Work instructions
When you copy the listing, skip the images and return each line verbatim.

Data extract
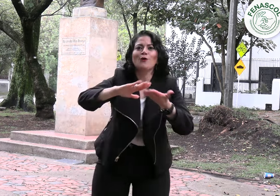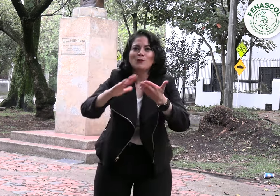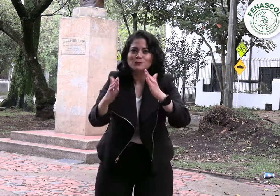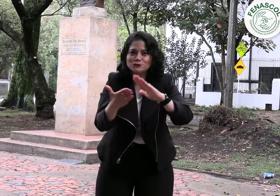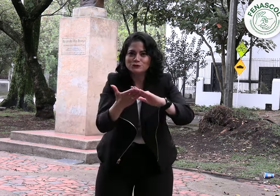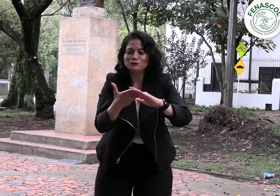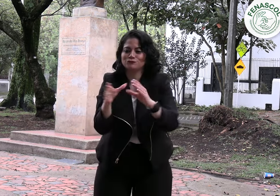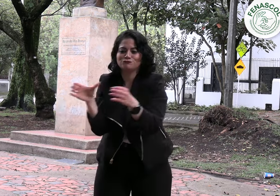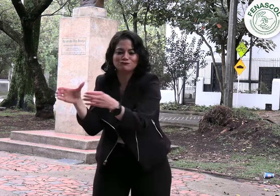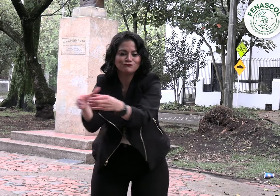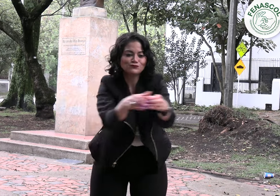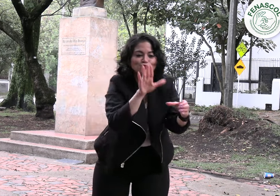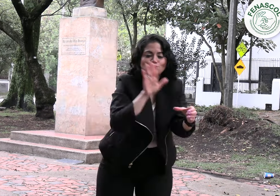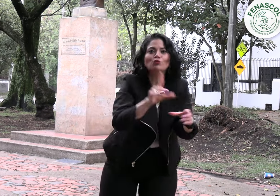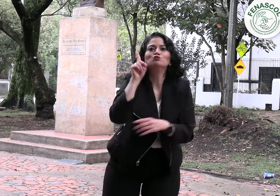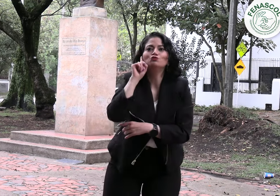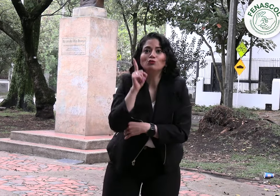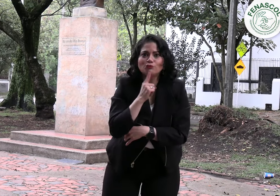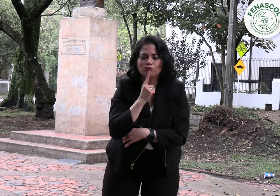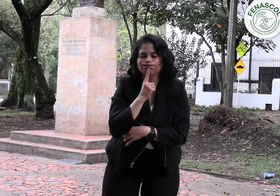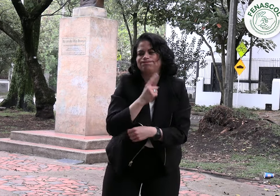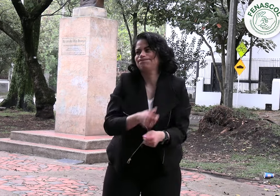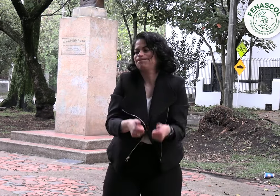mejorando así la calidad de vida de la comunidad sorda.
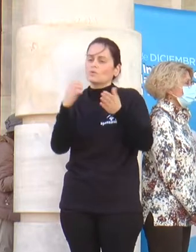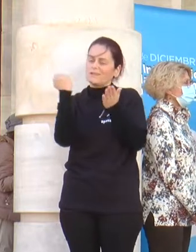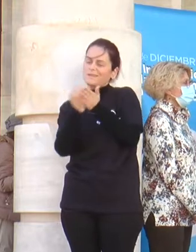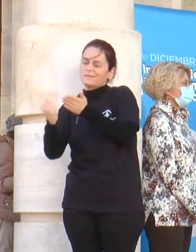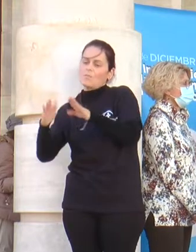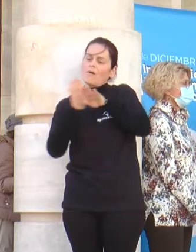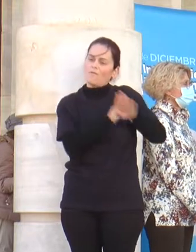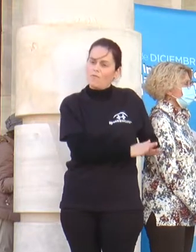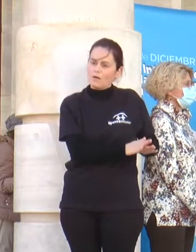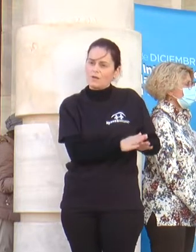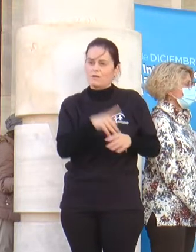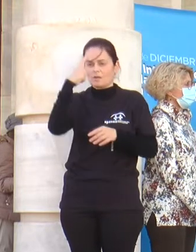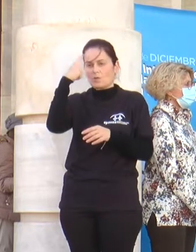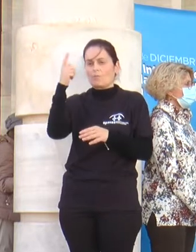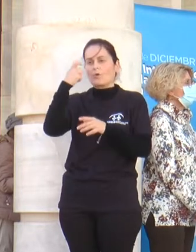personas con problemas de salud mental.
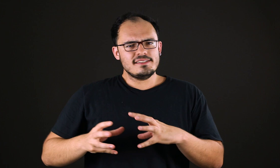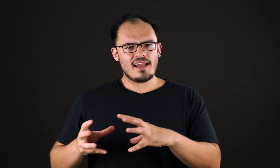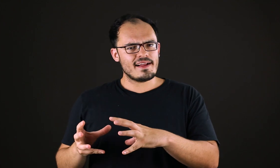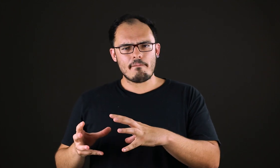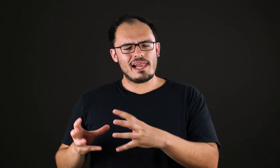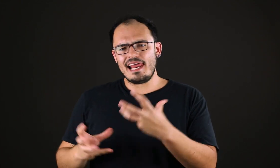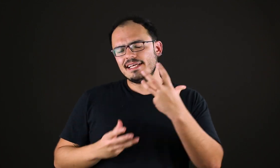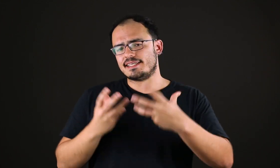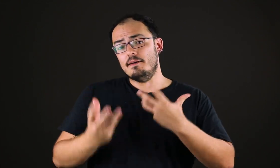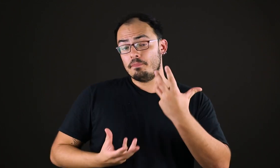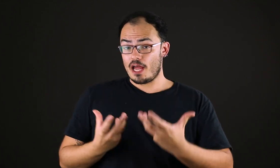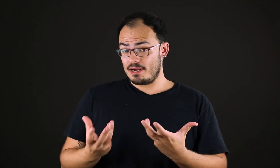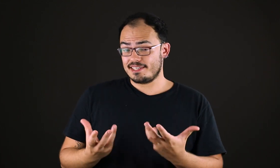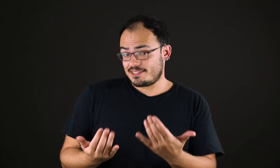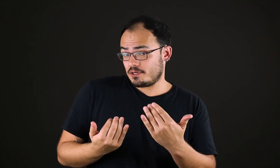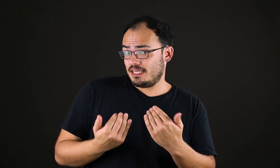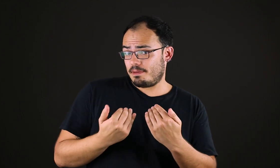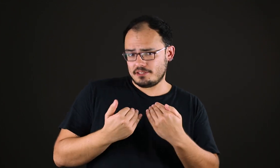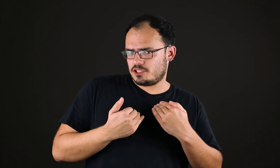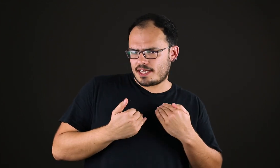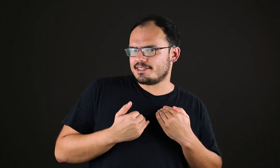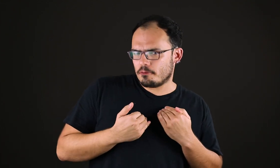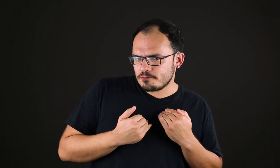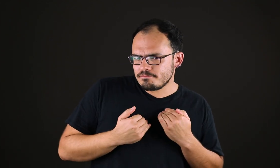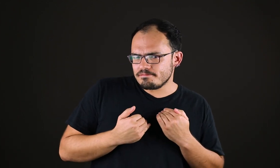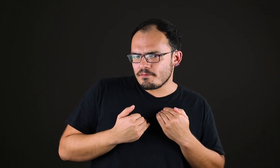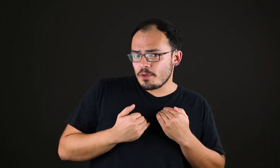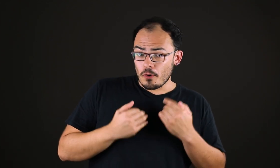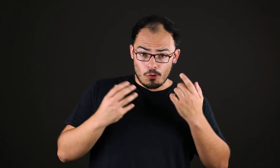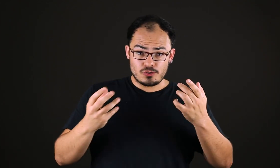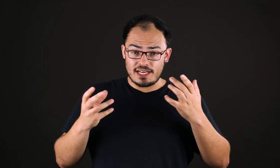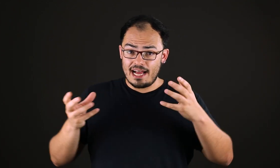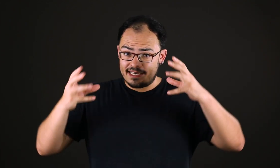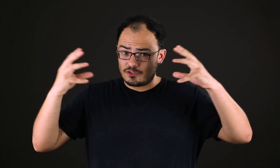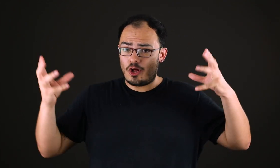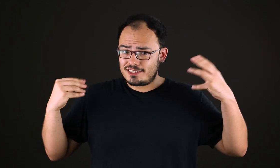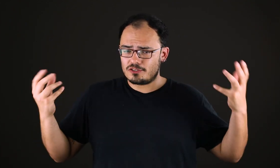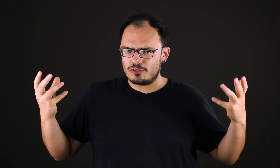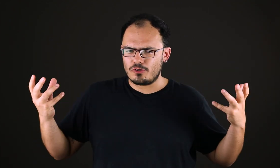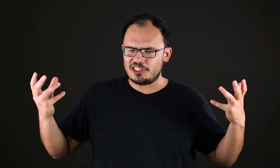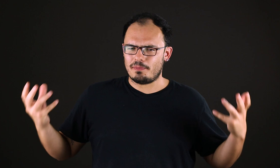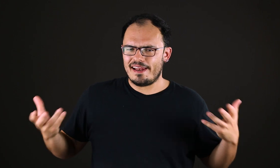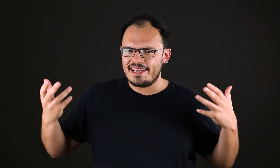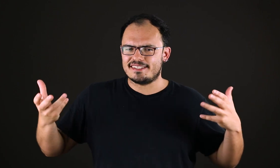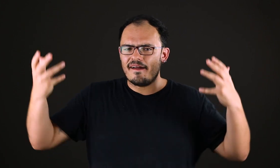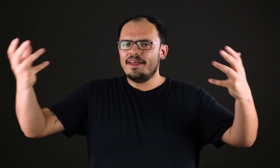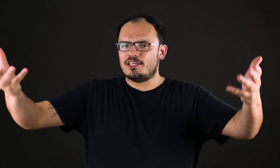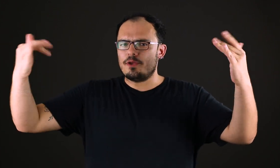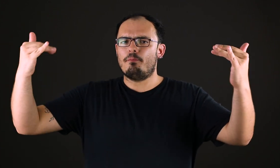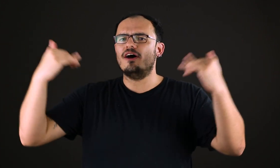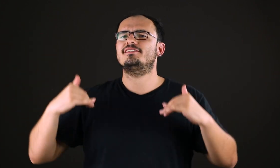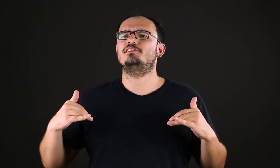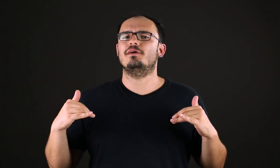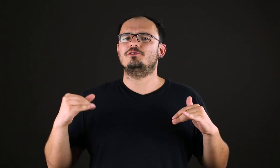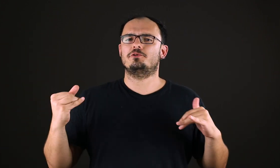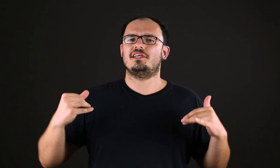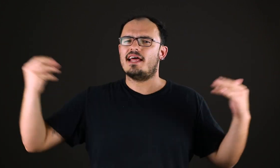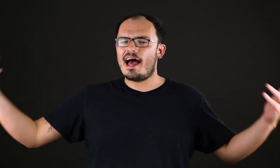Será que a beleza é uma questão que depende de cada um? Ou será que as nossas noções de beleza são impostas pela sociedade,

Answer for the task
mejorando así la calidad de vida de la comunidad sorda.
personas con problemas de salud mental.
Será que a beleza é uma questão que depende de cada um? Ou será que as nossas noções de beleza são impostas pela sociedade,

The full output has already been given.